▶ **TASK TO COMPLETE**: Make an exact copy of every entry, leaving the pictures out.

--------------------

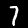
Label: 7
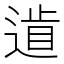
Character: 𨕐
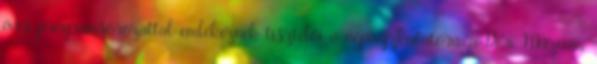
éves programsorozattal emlékeznek tisztelői a néprajzkutatóra, a Déri Múzeum
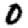
Digit: 0
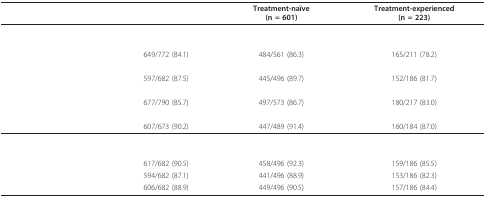
<table><thead><tr><td>[EMPTY_CELL]</td><td>[EMPTY_CELL]</td><td><b>Treatment-naïve(n = 601)</b></td><td><b>Treatment-experienced(n = 223)</b></td></tr></thead><tbody><tr><td colspan="4">[EMPTY_CELL]</td></tr><tr><td colspan="4">[EMPTY_CELL]</td></tr><tr><td>[EMPTY_CELL]</td><td>649/772 (84.1)</td><td>484/561 (86.3)</td><td>165/211 (78.2)</td></tr><tr><td colspan="4">[EMPTY_CELL]</td></tr><tr><td>[EMPTY_CELL]</td><td>597/682 (87.5)</td><td>445/496 (89.7)</td><td>152/186 (81.7)</td></tr><tr><td colspan="4">[EMPTY_CELL]</td></tr><tr><td>[EMPTY_CELL]</td><td>677/790 (85.7)</td><td>497/573 (86.7)</td><td>180/217 (83.0)</td></tr><tr><td colspan="4">[EMPTY_CELL]</td></tr><tr><td>[EMPTY_CELL]</td><td>607/673 (90.2)</td><td>447/489 (91.4)</td><td>160/184 (87.0)</td></tr><tr><td colspan="4">[EMPTY_CELL]</td></tr><tr><td colspan="4">[EMPTY_CELL]</td></tr><tr><td>[EMPTY_CELL]</td><td>617/682 (90.5)</td><td>458/496 (92.3)</td><td>159/186 (85.5)</td></tr><tr><td>[EMPTY_CELL]</td><td>594/682 (87.1)</td><td>441/496 (88.9)</td><td>153/186 (82.3)</td></tr><tr><td>[EMPTY_CELL]</td><td>606/682 (88.9)</td><td>449/496 (90.5)</td><td>157/186 (84.4)</td></tr></tbody></table>
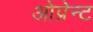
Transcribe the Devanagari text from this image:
ओप्रेन्ट
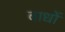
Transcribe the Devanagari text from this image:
बाधों
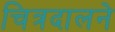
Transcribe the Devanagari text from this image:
चित्रदालने
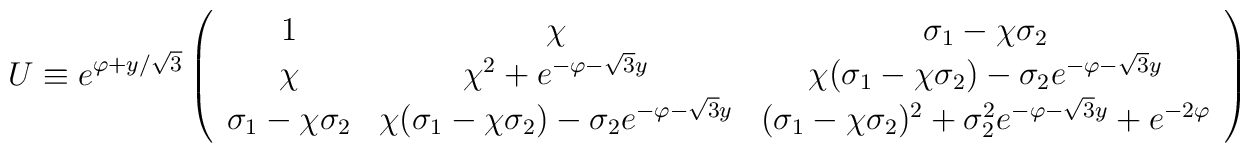
U \equiv  e^{\varphi+y/\sqrt{3}} \left( \begin{array}{ccc} 1 & \chi & \sigma_1 -\chi \sigma_2  \\ \chi & \chi^2 +e^{-\varphi-\sqrt{3}y} & \chi ( \sigma_1 -\chi \sigma_2 )- \sigma_2 e^{-\varphi-\sqrt{3}y} \\\sigma_1 -\chi \sigma_2 & \chi ( \sigma_1 -\chi \sigma_2 )- \sigma_2 e^{-\varphi-\sqrt{3}y} & ( \sigma_1 -\chi \sigma_2 )^2 + \sigma_2^2 e^{-\varphi-\sqrt{3}y} + e^{-2\varphi}\end{array} \right)

--------------------

▶ **REPLY TO THE TASK**:
Label: 7
Character: 𨕐
éves programsorozattal emlékeznek tisztelői a néprajzkutatóra, a Déri Múzeum
Digit: 0
<table><thead><tr><td>[EMPTY_CELL]</td><td>[EMPTY_CELL]</td><td><b>Treatment-naïve(n = 601)</b></td><td><b>Treatment-experienced(n = 223)</b></td></tr></thead><tbody><tr><td colspan="4">[EMPTY_CELL]</td></tr><tr><td colspan="4">[EMPTY_CELL]</td></tr><tr><td>[EMPTY_CELL]</td><td>649/772 (84.1)</td><td>484/561 (86.3)</td><td>165/211 (78.2)</td></tr><tr><td colspan="4">[EMPTY_CELL]</td></tr><tr><td>[EMPTY_CELL]</td><td>597/682 (87.5)</td><td>445/496 (89.7)</td><td>152/186 (81.7)</td></tr><tr><td colspan="4">[EMPTY_CELL]</td></tr><tr><td>[EMPTY_CELL]</td><td>677/790 (85.7)</td><td>497/573 (86.7)</td><td>180/217 (83.0)</td></tr><tr><td colspan="4">[EMPTY_CELL]</td></tr><tr><td>[EMPTY_CELL]</td><td>607/673 (90.2)</td><td>447/489 (91.4)</td><td>160/184 (87.0)</td></tr><tr><td colspan="4">[EMPTY_CELL]</td></tr><tr><td colspan="4">[EMPTY_CELL]</td></tr><tr><td>[EMPTY_CELL]</td><td>617/682 (90.5)</td><td>458/496 (92.3)</td><td>159/186 (85.5)</td></tr><tr><td>[EMPTY_CELL]</td><td>594/682 (87.1)</td><td>441/496 (88.9)</td><td>153/186 (82.3)</td></tr><tr><td>[EMPTY_CELL]</td><td>606/682 (88.9)</td><td>449/496 (90.5)</td><td>157/186 (84.4)</td></tr></tbody></table>
Transcribe the Devanagari text from this image:
ओप्रेन्ट
Transcribe the Devanagari text from this image:
बाधों
Transcribe the Devanagari text from this image:
चित्रदालने
U \equiv  e^{\varphi+y/\sqrt{3}} \left( \begin{array}{ccc} 1 & \chi & \sigma_1 -\chi \sigma_2  \\ \chi & \chi^2 +e^{-\varphi-\sqrt{3}y} & \chi ( \sigma_1 -\chi \sigma_2 )- \sigma_2 e^{-\varphi-\sqrt{3}y} \\\sigma_1 -\chi \sigma_2 & \chi ( \sigma_1 -\chi \sigma_2 )- \sigma_2 e^{-\varphi-\sqrt{3}y} & ( \sigma_1 -\chi \sigma_2 )^2 + \sigma_2^2 e^{-\varphi-\sqrt{3}y} + e^{-2\varphi}\end{array} \right)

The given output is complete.